## Task details
Lines from the beginning of the data below through the one containing "Volume: 61814.1 mm3; surface area: 13454 mm2" are to be printed exactly as they appear.

## Supplied material

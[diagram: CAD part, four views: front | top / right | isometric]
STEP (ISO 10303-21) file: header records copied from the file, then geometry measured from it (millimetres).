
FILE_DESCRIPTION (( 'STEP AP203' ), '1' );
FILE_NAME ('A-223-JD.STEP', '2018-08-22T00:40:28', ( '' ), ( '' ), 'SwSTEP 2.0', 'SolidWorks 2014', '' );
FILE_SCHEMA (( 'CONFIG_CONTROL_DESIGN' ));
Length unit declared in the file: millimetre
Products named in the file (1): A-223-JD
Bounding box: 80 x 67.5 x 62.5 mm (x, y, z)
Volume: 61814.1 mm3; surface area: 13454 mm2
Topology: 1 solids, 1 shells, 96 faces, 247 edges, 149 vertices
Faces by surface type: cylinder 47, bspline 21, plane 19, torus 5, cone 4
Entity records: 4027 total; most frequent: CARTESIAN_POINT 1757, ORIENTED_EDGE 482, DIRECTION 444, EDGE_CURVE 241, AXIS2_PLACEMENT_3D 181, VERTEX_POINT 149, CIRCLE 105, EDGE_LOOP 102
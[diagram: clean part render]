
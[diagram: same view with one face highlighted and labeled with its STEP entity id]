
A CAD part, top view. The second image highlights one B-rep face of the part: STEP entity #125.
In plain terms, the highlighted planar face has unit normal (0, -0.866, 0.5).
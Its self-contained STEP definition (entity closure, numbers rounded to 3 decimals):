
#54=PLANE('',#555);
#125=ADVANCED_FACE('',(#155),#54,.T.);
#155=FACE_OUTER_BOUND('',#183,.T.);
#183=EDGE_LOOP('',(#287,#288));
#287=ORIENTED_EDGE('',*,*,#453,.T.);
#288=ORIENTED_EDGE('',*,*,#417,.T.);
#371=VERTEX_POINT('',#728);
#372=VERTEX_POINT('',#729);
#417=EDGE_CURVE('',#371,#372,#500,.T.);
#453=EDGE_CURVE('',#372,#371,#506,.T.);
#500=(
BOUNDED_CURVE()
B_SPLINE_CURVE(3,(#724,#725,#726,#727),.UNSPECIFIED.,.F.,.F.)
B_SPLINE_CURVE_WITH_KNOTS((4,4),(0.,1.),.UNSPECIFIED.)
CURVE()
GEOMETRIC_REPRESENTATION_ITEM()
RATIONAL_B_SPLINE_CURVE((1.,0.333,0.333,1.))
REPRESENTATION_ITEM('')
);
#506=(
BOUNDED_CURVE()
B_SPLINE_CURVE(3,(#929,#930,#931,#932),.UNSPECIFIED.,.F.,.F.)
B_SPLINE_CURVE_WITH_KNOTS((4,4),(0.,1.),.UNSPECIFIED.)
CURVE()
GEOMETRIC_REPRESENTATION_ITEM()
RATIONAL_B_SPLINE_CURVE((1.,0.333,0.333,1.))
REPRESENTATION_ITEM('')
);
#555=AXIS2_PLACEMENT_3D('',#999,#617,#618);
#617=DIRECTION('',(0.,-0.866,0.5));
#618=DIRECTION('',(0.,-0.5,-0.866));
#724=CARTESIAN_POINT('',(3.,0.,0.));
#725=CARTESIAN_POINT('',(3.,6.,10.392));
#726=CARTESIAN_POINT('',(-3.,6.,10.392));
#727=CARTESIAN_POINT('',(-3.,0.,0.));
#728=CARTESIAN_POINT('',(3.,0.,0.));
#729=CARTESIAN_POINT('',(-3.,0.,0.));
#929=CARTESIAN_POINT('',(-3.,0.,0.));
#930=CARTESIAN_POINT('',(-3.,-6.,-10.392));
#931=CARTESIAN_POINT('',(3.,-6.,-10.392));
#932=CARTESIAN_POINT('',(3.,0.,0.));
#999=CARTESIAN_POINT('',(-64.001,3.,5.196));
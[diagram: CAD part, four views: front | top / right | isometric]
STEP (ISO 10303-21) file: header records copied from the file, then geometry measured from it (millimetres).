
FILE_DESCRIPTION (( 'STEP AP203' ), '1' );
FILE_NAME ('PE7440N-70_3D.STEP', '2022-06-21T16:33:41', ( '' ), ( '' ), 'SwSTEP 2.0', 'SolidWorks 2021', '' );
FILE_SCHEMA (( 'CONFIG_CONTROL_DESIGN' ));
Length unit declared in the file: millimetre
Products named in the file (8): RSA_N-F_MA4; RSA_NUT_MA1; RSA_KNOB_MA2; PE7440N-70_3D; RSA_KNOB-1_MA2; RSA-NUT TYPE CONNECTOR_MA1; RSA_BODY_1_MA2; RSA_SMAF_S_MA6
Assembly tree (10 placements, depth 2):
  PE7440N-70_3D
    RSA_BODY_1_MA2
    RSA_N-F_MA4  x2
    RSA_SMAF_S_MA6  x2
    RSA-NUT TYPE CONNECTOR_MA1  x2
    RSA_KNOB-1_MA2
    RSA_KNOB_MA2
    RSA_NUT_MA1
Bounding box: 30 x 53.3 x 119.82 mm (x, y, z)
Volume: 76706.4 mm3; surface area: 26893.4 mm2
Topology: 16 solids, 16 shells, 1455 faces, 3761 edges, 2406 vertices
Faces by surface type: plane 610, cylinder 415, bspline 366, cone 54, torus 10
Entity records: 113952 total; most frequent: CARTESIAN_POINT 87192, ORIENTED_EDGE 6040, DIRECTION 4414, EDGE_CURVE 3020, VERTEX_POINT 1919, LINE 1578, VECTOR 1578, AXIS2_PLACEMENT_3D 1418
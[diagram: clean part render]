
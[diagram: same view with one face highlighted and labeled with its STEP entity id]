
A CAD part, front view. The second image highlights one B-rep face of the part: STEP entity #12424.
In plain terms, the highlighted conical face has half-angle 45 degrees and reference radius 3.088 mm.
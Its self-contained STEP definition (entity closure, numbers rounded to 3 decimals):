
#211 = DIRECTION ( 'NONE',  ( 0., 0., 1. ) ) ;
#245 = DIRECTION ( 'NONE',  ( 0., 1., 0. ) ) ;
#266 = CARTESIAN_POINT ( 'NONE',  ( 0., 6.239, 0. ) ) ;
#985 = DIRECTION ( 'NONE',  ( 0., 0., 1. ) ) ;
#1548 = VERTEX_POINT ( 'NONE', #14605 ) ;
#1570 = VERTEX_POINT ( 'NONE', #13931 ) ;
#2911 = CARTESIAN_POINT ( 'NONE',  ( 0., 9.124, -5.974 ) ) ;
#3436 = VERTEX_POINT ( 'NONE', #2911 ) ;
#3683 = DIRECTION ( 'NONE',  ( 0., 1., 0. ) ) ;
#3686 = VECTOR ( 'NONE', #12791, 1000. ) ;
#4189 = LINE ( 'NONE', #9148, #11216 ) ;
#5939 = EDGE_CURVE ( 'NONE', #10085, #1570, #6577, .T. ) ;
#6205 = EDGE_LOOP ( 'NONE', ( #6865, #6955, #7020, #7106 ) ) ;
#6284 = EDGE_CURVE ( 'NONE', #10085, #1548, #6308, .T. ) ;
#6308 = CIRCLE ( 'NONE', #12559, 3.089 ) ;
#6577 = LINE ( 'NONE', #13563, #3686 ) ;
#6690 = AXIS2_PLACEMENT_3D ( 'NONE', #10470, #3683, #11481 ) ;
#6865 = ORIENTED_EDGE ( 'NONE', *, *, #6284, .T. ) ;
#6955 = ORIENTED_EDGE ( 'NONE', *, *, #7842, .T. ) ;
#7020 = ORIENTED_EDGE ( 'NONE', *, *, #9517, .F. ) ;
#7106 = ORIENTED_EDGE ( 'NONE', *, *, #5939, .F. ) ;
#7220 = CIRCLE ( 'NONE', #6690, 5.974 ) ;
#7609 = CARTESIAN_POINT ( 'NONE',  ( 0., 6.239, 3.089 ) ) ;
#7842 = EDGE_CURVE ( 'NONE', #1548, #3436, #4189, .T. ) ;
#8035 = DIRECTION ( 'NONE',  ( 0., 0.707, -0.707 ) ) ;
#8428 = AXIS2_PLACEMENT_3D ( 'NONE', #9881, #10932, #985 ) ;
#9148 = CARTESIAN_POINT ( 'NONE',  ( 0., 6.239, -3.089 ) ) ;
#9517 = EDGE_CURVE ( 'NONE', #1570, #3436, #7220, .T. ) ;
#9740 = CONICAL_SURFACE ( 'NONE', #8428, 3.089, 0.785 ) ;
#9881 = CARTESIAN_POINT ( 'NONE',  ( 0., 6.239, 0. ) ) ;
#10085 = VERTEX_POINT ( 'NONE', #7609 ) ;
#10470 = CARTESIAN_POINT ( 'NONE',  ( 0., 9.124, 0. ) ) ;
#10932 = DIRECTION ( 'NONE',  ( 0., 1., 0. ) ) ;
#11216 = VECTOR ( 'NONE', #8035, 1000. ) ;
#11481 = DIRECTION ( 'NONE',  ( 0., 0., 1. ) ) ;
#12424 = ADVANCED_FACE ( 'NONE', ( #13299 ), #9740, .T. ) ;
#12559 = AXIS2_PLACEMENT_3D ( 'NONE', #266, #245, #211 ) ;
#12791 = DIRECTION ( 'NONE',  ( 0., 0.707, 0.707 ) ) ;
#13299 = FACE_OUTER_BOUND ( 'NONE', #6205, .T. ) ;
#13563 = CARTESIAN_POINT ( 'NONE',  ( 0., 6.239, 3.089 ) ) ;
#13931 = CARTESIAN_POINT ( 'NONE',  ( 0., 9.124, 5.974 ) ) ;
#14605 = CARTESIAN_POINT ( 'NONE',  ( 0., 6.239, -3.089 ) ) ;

## Solution below
[diagram: CAD part, four views: front | top / right | isometric]
STEP (ISO 10303-21) file: header records copied from the file, then geometry measured from it (millimetres).
FILE_DESCRIPTION (( 'STEP AP203' ), '1' );
FILE_NAME ('A-223-JD.STEP', '2018-08-22T00:40:28', ( '' ), ( '' ), 'SwSTEP 2.0', 'SolidWorks 2014', '' );
FILE_SCHEMA (( 'CONFIG_CONTROL_DESIGN' ));
Length unit declared in the file: millimetre
Products named in the file (1): A-223-JD
Bounding box: 80 x 67.5 x 62.5 mm (x, y, z)
Volume: 61814.1 mm3; surface area: 13454 mm2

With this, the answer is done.